Hey y’all -
Jen Hammock of the Encyclopedia of Life hinted (see https://gitter.im/EOL/eol?at=5e1fde41a50f33623f44fa87) that this EcoEvoRxiv preprint might be of interest to the GBIF community. Note that the preprint has not yet been peer-reviewed, but has been submitted. Curious to hear your take on it. (disclaimer: I am second author)
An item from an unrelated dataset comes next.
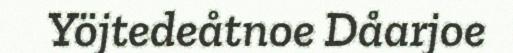
Yöjtedeåtnoe Dåarjoe

Elliott, M. J., Poelen, J. H., & Fortes, J. (2020, January 3). Toward Reliable Biodiversity Dataset References. https://doi.org/10.32942/osf.io/mysfp
For those who do not like to click on doi links, here the abstract:
Toward Reliable Biodiversity Dataset References
No systematic approach has yet been adopted to reliably reference
and provide access to digital biodiversity datasets. Based on
accumulated evidence, we argue that location-based identifiers such
as URLs are not sufficient to ensure long-term data access. We
introduce a method that uses dedicated data observatories to
evaluate long-term URL reliability.
From March through October of 2019, we took periodic
inventories of the data served by major biodiversity aggregators,
including GBIF, iDigBio, DataONE, and BHL. Over the period of
observation, we found that, for each network, 5% to 43% of
registered URLs were intermittently or consistently unresponsive,
0% to 63% produced unstable content, and 13% to 76% became
either unresponsive or unstable.
We propose the use of cryptographic hashing to generate
content-based identifiers that can reliably reference datasets. We
show that content-based identifiers facilitate decentralized archival
and reliable distribution of biodiversity datasets to enable long-term
accessibility of the referenced datasets.